The regression model shows that mpg is positively correlated with qsec and negatively correlated with wt. This means that cars with poorer acceleration performance generally have higher fuel efficiency, while heavier vehicles tend to have lower fuel efficiency.
plot(model)
Residuals vs Fitted
the red loess curve in the graph suggests the possible presence of non-linearity, as the curve is not perfectly horizontal.
As the fitted values increase, there appears to be a slight increase in the spread of the residuals, which may indicate that the variance is not constant.
Q-Q Residuals
The majority of the points lie close to the diagonal line, which suggests that the residuals are approximately normally distributed in that range.
The points labeled “Chrysler Imperial,” “Fiat 128,” and “Toyota Corolla” are notably far from the line, These could be considered outliers.
Scale-Location
This plot indicates that as the fitted values increase, there is a slight increase in the spread of the standardized residuals, further suggesting the presence of heteroscedasticity.
Residuals vs Leverage
The Chrysler Imperial is significantly away from the center, showing high leverage and larger residuals, suggesting that it might have a greater influence on the model.

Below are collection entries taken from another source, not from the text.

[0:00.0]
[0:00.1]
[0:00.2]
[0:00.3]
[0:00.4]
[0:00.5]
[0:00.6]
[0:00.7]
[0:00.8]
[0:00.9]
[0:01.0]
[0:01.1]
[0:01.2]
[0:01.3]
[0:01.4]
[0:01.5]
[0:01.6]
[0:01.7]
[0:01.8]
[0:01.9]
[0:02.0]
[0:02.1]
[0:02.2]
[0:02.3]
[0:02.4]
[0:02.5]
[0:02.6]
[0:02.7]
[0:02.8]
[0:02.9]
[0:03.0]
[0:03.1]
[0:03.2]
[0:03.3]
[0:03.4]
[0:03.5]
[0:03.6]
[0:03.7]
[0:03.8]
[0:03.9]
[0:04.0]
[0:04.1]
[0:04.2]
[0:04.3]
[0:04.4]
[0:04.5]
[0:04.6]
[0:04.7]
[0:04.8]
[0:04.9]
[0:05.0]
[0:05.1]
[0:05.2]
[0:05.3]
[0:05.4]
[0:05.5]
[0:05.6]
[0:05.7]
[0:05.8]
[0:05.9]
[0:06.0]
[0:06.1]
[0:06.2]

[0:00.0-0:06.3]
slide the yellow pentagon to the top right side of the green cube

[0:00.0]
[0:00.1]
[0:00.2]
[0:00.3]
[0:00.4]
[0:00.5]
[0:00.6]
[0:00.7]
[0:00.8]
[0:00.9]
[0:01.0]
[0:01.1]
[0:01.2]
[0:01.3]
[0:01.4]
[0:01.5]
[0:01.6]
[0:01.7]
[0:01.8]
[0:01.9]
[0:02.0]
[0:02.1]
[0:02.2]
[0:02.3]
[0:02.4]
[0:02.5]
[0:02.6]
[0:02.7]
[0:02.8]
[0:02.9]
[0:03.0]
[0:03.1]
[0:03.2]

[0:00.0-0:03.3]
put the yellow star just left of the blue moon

Under classical assumptions, the OLS estimator is the best linear unbiased estimator (BLUE) of the parameters, and this conclusion is the famous Gauss-Markov theorem.
Part 2
In some cases, there may be outliers in the dependent variable, which can have a negative impact on the regression model. By taking the logarithm of the independent variables, we can reduce the impact of outliers, as the logarithmic transformation converts extreme values into values that are closer to the center.
Additionally, the linear regression model assumes that the relationship between variables is linear. However, in reality, many relationships between variables are nonlinear, and taking the logarithm of these variables can transform nonlinear relationships into linear ones.